Assuming we are on a x86 variant, which assembly instruction does the write_barrier() correspond to? The one that sticks out is the sfence instruction, which makes sure that all stores have been committed to memory before continuing. However, this isn't the whole story. There are two types of store in the x86 architecture. Normal memory writes, and non-temporal writes to uncached memory. Only the second of these is actually affected by the sfence instruction, and non-temporal writes are extremely rare. Since a user of such non-temporal writes will be following them with a memory fence anyway, it seems that no instruction is actually required.

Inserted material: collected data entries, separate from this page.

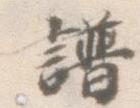
譜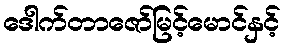
ဒေါက်တာဇော်မြင့်မောင်နှင့်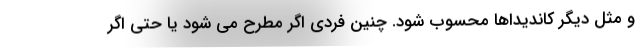
و مثل دیگر کاندیداها محسوب شود. چنین فردی اگر مطرح می شود یا حتی اگر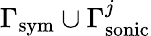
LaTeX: \Gamma_{\mathrm{sym}}\cup\Gamma_{\mathrm{sonic}}^{j}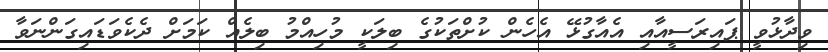
ވިދާޅުވީ ޕައިރަސީއާއި އެއާގުޅޭ އެހެން ކުށްތަކުގެ ބިލަކީ މުހިއްމު ބިލެއް ކަމަށް ދެކެވަޑައިގަންނަވާ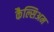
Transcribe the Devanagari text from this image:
कैल्सिअम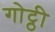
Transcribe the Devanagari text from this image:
गोट्ठी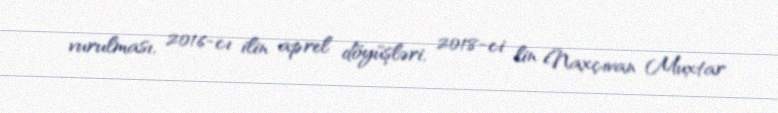
vurulması, 2016-cı ilin aprel döyüşləri, 2018-ci lin Naxçıvan Muxtar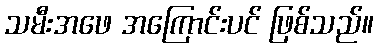
သမီးအဖေ အကြောင်းပင် ဖြစ်သည်။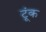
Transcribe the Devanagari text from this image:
टूंक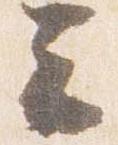
云

On the x86 architecture, the write barrier turns into a compile barrier. With gcc, such a barrier may be constructed via an asm instruction which gcc is told can touch any memory:


static inline barrier()
{
	asm volatile("": : :"memory");
}

This isn't the final story, as there is one final optimization to make. Notice how during the lifetime of the singleton, the lock should only be taken once. It is only there to prevent two threads from creating two instances at the same time. Since we are non-portable anyway through the use of a barrier, can we replace the lock and lower memory usage? The answer is yes, it is possible to overlap the lock with the instance pointer, and use raw atomic instructions to implement mutual exclusion. The result looks like


	static singleton& instance()
	{
		while (1)
		{
			/* Already allocated? */
			if ((uintptr_t) pinstance_ > 1) break;
		
			/* Try to get "lock" if unallocated, and not locked */
			if (!pinstance_)
			{
				/* Try to change pinstance_ from 0->1 */
				if (__sync_bool_compare_and_swap(&pinstance_, 0, (singleton *) 1))
				{
					/* Success, create it */
					singleton *ptemp = new singleton;
					
					/* Make sure it is created */
					asm volatile("": : :"memory");
					
					/* Save value, and "unlock" */
					pinstance_ = ptemp;
					break;
				}
			}
			
			/* Don't burn too much cpu on hyperthreaded machines */
			asm volatile("rep; nop\n": : :"memory");
		}
		
		return *pinstance_;
	}

This code is equivalent to using a fast spin-lock instead of a more heavy-weight mutex. Notice how it uses the rep; nop to prevent excess resource usage on hyperthreaded cpus. That instruction also falsely tells the compiler it touches memory. This prevents gcc from caching the value of pinstance_ and thus creating a non-breakable infinite loop. Note that in real code, the asm instructions should probably be abstracted away to inline functions or macros for readability.

Comments

1 0 J. Cenpedes said...
You can avoid the lock altogether in multithreaded environments by simply ensuring the construction takes place at static runtime initialization (which is by definition single-threaded):

namespace {
class CreateSingleton
{
public:
CreateSingleton() { singleton::instance(); }
};
CreateSingleton create_singleton;
}

You still get the advantage that the instance is created on first use, but you're also guaranteed it's been created before concurrency becomes a concern.